Banerjee Mousumi, Lao Christopher D, Wancata Lauren M, Muenz Daniel G, Haymart Megan R, Wong Sandra L
aDepartment of Biostatistics bDepartment of Medicine, Division of Hematology/Oncology cDepartment of Surgery dDepartment of Medicine, Division of Metabolism, Endocrinology & Diabetes, University of Michigan, Ann Arbor, Michigan, USA.
Melanoma Res. 2016 Feb;26(1):77-82. doi: 10.1097/CMR.0000000000000213.

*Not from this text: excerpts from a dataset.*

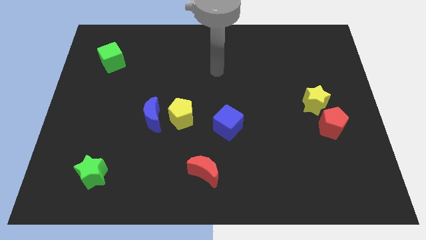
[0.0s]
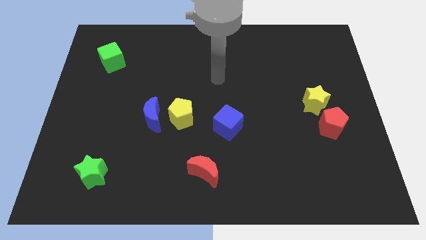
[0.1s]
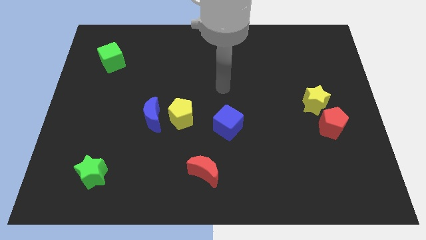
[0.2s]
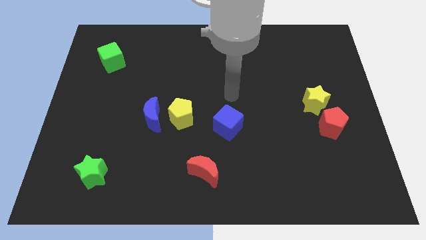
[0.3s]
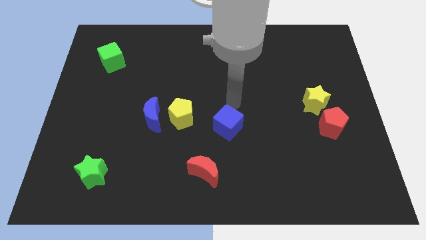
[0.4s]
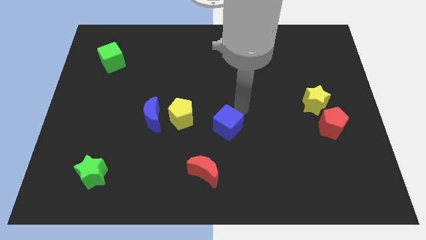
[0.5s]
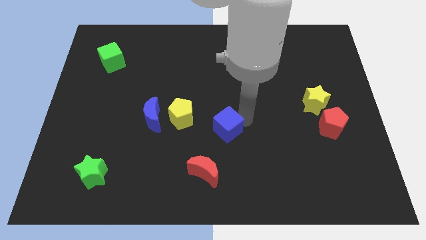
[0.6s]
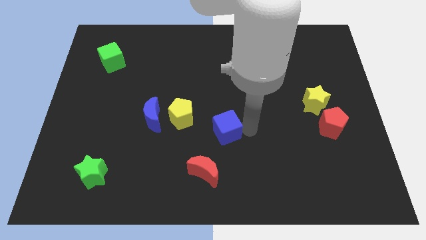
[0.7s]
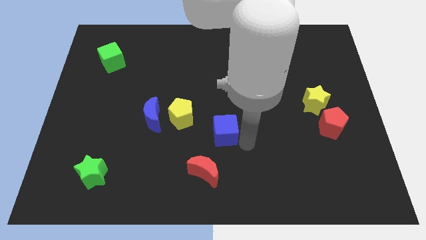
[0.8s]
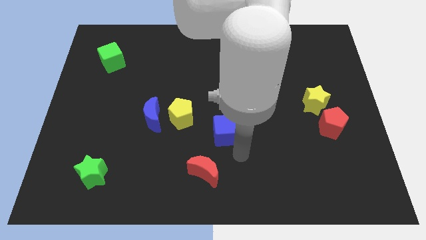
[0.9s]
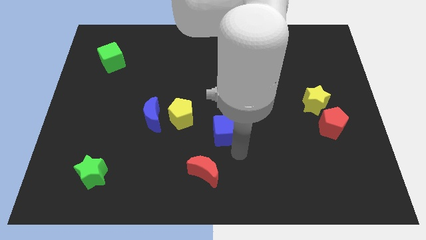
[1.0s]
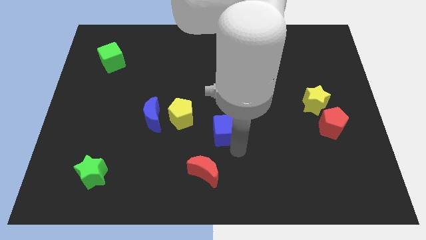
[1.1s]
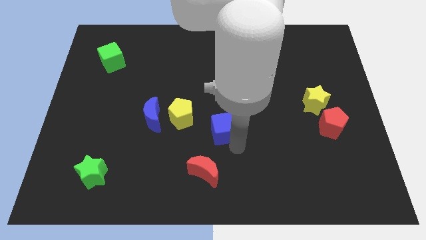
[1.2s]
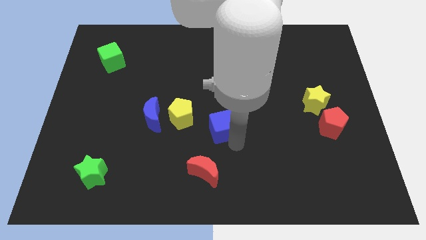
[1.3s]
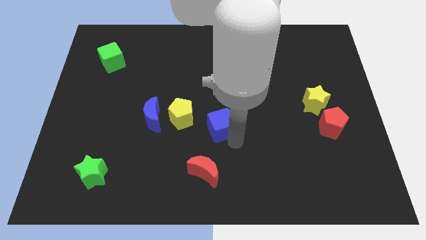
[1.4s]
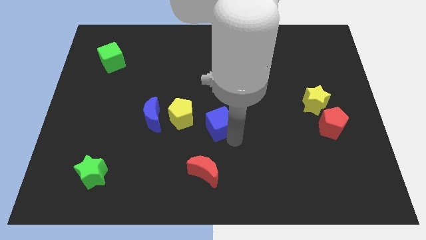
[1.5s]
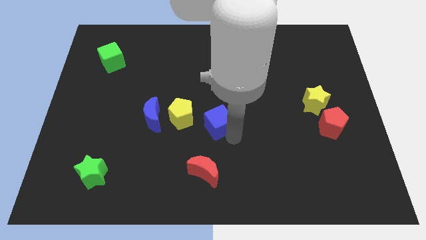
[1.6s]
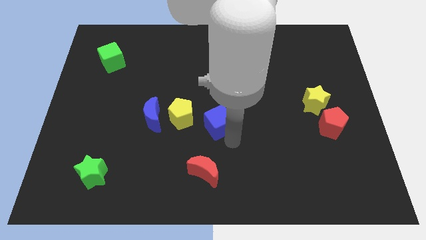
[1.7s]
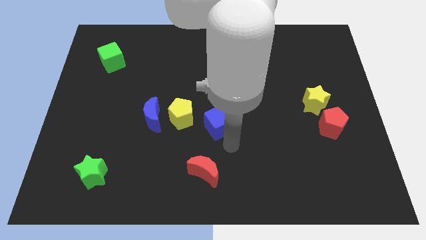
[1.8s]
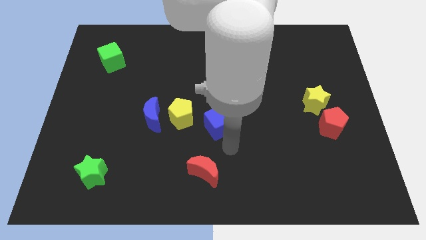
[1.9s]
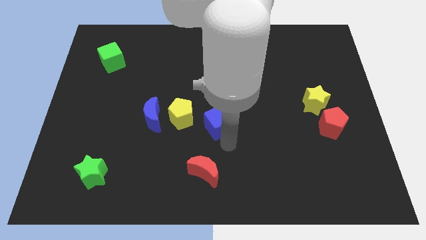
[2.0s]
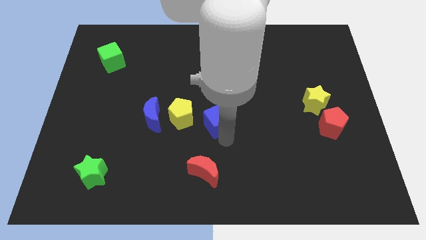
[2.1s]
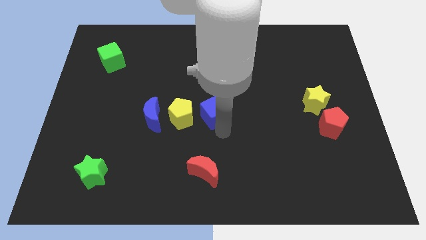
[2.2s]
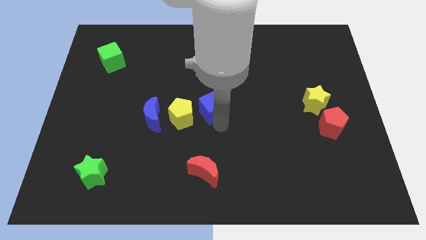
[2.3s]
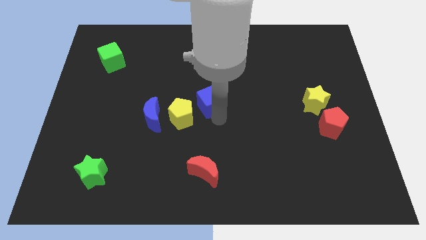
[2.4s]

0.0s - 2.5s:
slightly move the blue cube upwards and to the left

Overall cancer incidence is decreasing, whereas melanoma cases are increasing. Conditional survival estimates offer a more accurate prognosis for patients the farther they are from time of diagnosis. The effect of age and stage on a melanoma patient's conditional survival estimate is unknown. Surveillance, Epidemiology, and End Results data were utilized to identify newly diagnosed cutaneous melanoma patients (N=95 041), from 1998 to 2005, with up to 12 years of follow-up. Estimates of disease-specific survival by stage and age were determined by Cox regression analysis and transformed to estimated conditional 5-year survival. Localized melanoma patients have an excellent 5-year survival at diagnosis and over subsequent years. For patients with localized and regional disease, an age effect is present for disease-specific mortality when comparing older patients (70-79 years) with younger patients (<30 years): hazard ratio (HR) for mortality 3.79 [95% confidence interval (CI) 3.01-4.84] and HR 2.36 (95% CI 1.93-2.91), respectively. No age effect difference is observed in disease-specific survival for advanced disease: HR 1.14 (95% CI 0.87-1.53). Over time, conditional survival estimates improve for older patients with localized and regional disease. This improvement is not seen in distant disease, neither is the age gradient. Disease-specific mortality and conditional survival for patients with localized and regional melanomas are initially impacted by older age, with effects dissipating over time. Age does not affect survival in patients with advanced disease. Understanding the conditional 5-year disease-specific survival of melanoma based on age and stage can help patients and physicians, informing decision-making about treatment and surveillance.
总体癌症发病率在下降,而黑色素瘤病例却在增加。条件生存估计为离诊断时间越远的患者提供了更准确的预后。年龄和分期对黑色素瘤患者条件生存估计的影响尚不清楚。利用监测、流行病学和最终结果数据,识别出1998年至2005年新诊断的皮肤黑色素瘤患者(N = 95041),随访时间长达12年。通过Cox回归分析确定按分期和年龄的疾病特异性生存估计,并转换为估计的条件5年生存率。局限性黑色素瘤患者在诊断时及随后几年的5年生存率很高。对于局限性和区域性疾病患者,将老年患者(70 - 79岁)与年轻患者(<30岁)相比,疾病特异性死亡率存在年龄效应:死亡率的风险比(HR)分别为3.79 [95%置信区间(CI)3.01 - 4.84]和HR 2.36(95% CI 1.93 - 2.91)。对于晚期疾病,在疾病特异性生存方面未观察到年龄效应差异:HR为1.14(95% CI 0.87 - 1.53)。随着时间的推移,局限性和区域性疾病老年患者的条件生存估计有所改善。远处疾病未出现这种改善,年龄梯度也未出现。局限性和区域性黑色素瘤患者的疾病特异性死亡率和条件生存最初受年龄影响,随着时间推移影响逐渐消散。年龄不影响晚期疾病患者的生存。了解基于年龄和分期的黑色素瘤条件5年疾病特异性生存情况有助于患者和医生,为治疗和监测决策提供信息。